(Input data)

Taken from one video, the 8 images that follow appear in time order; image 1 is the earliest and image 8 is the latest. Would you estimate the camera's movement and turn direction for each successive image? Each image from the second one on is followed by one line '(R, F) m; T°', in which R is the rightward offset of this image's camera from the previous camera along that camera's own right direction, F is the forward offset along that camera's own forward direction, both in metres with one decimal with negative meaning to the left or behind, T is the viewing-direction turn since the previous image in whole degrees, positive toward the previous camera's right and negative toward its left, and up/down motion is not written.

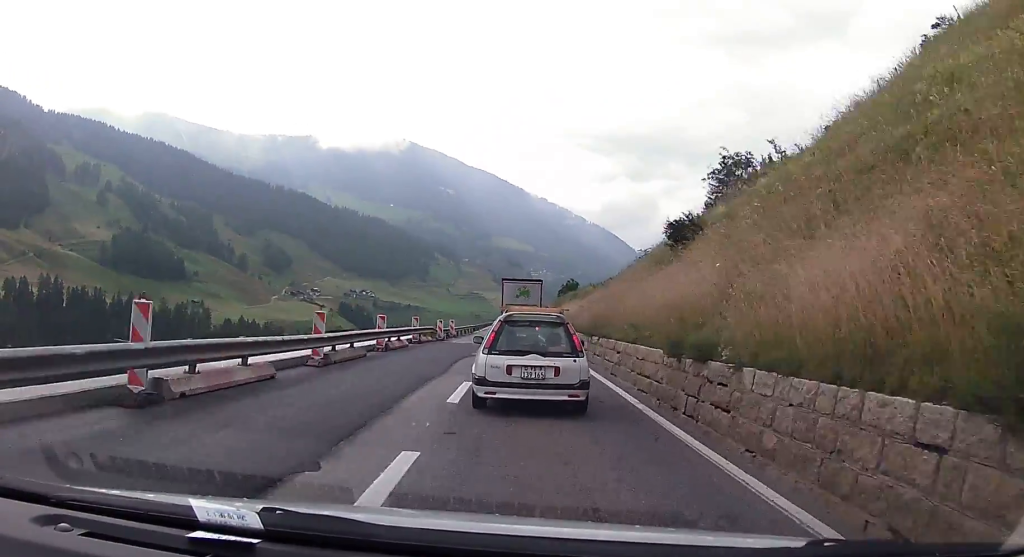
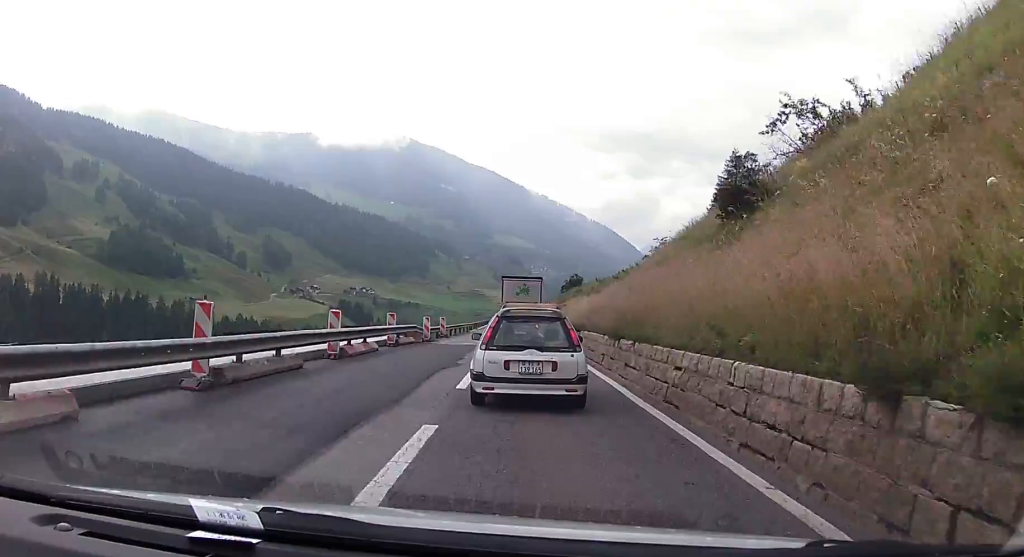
(-0.1, +5.8) m; 0°
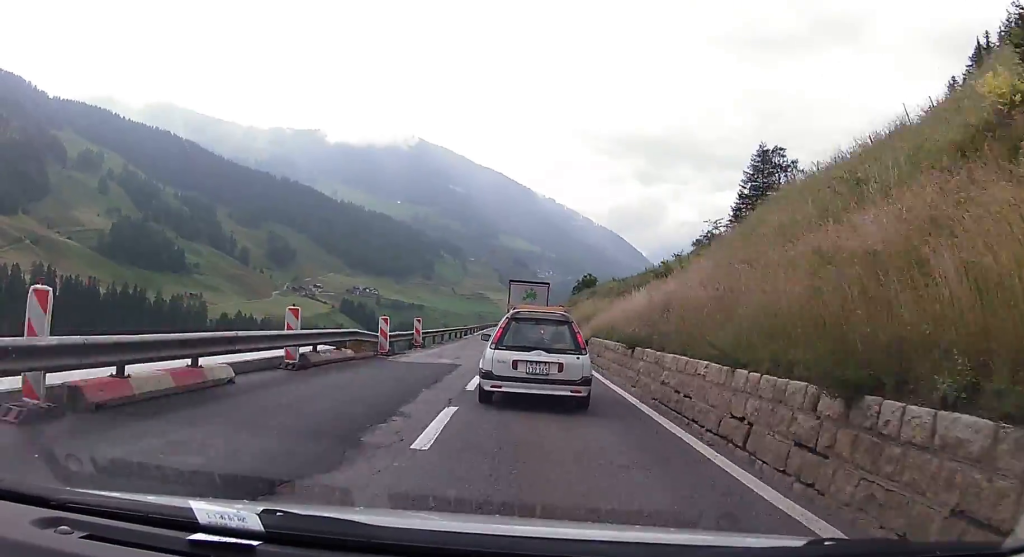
(+0.1, +11.3) m; 0°
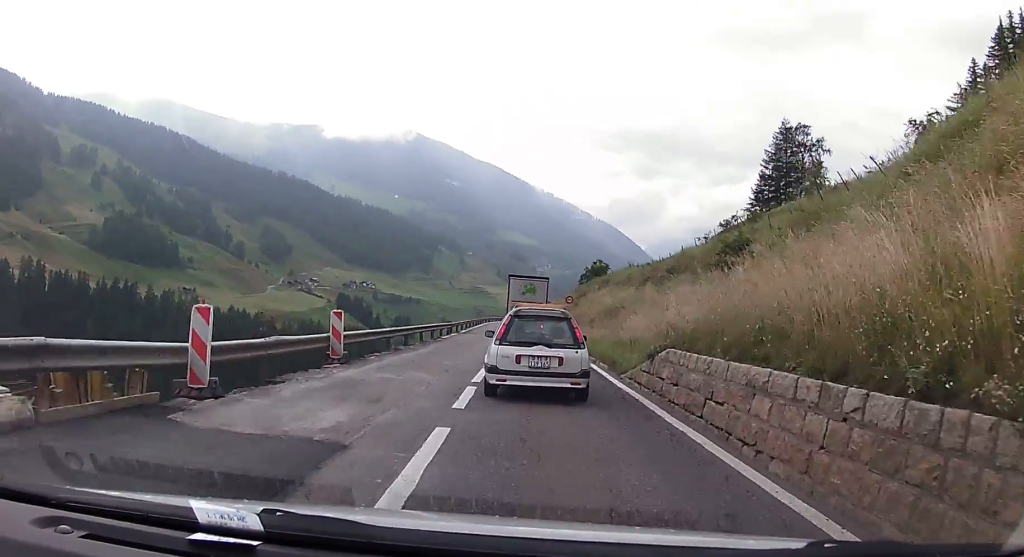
(0.0, +12.6) m; 0°
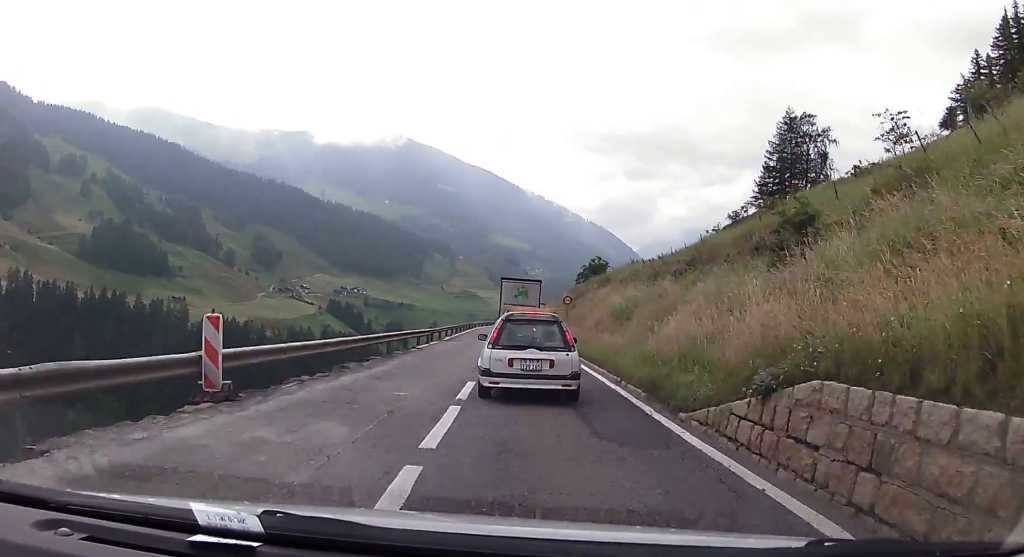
(-0.2, +6.4) m; 0°
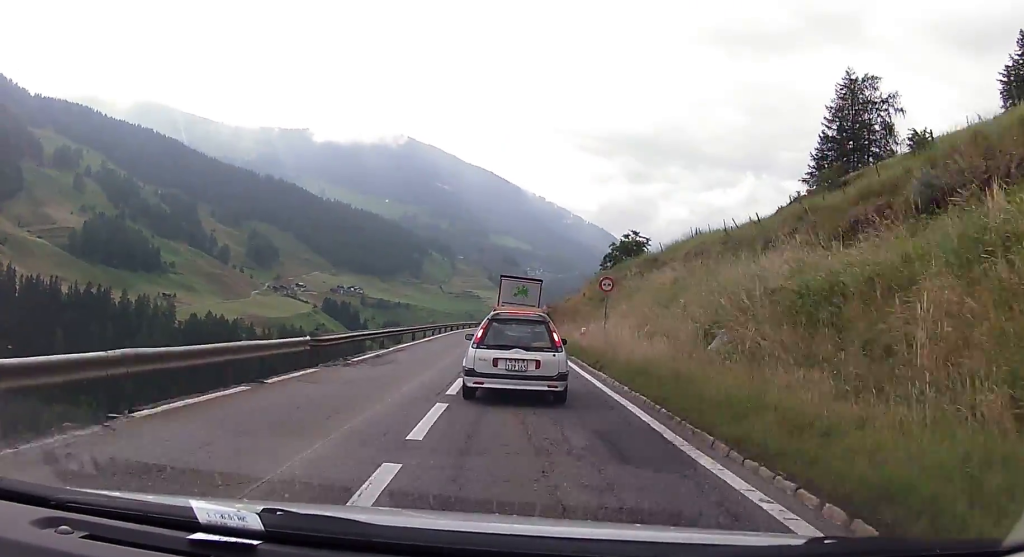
(+0.1, +21.5) m; 0°
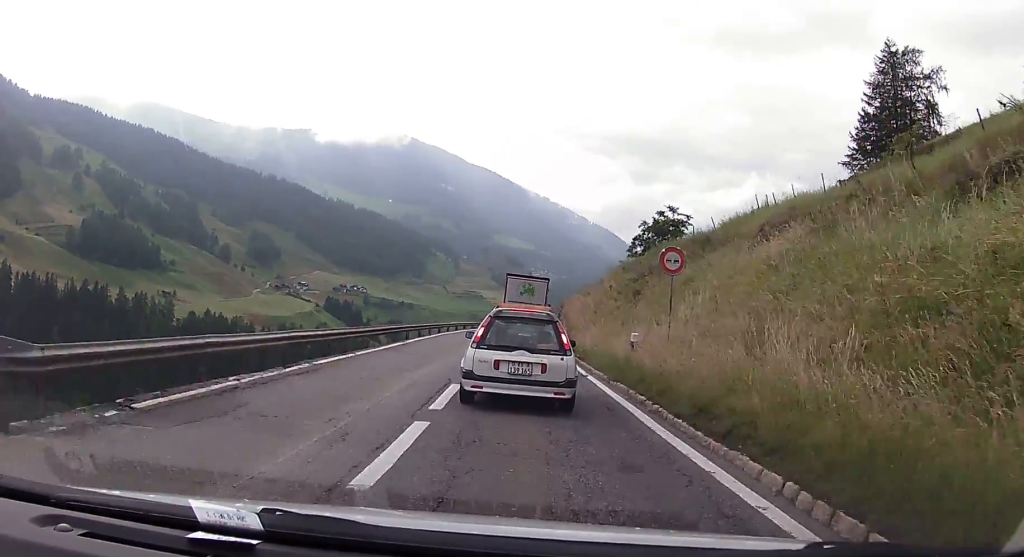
(+0.1, +10.7) m; -1°
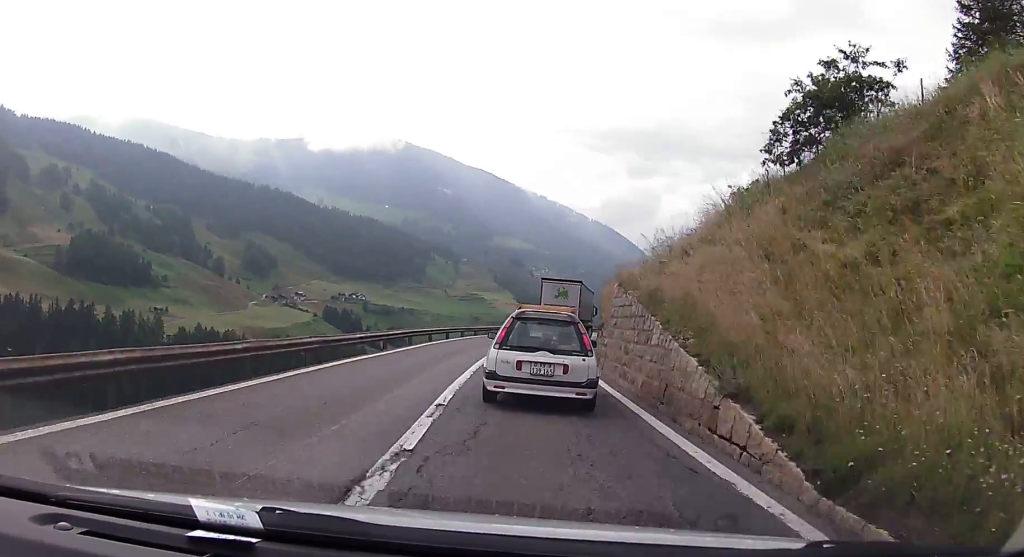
(-0.3, +23.3) m; +1°

(End Input data)

Problem details:
What you return must match the entries above exactly, apart from the pictures, which are left out.

Problem solution:
Taken from one video, the 8 images that follow appear in time order; image 1 is the earliest and image 8 is the latest. Would you estimate the camera's movement and turn direction for each successive image? Each image from the second one on is followed by one line '(R, F) m; T°', in which R is the rightward offset of this image's camera from the previous camera along that camera's own right direction, F is the forward offset along that camera's own forward direction, both in metres with one decimal with negative meaning to the left or behind, T is the viewing-direction turn since the previous image in whole degrees, positive toward the previous camera's right and negative toward its left, and up/down motion is not written.

(-0.1, +5.8) m; 0°
(+0.1, +11.3) m; 0°
(0.0, +12.6) m; 0°
(-0.2, +6.4) m; 0°
(+0.1, +21.5) m; 0°
(+0.1, +10.7) m; -1°
(-0.3, +23.3) m; +1°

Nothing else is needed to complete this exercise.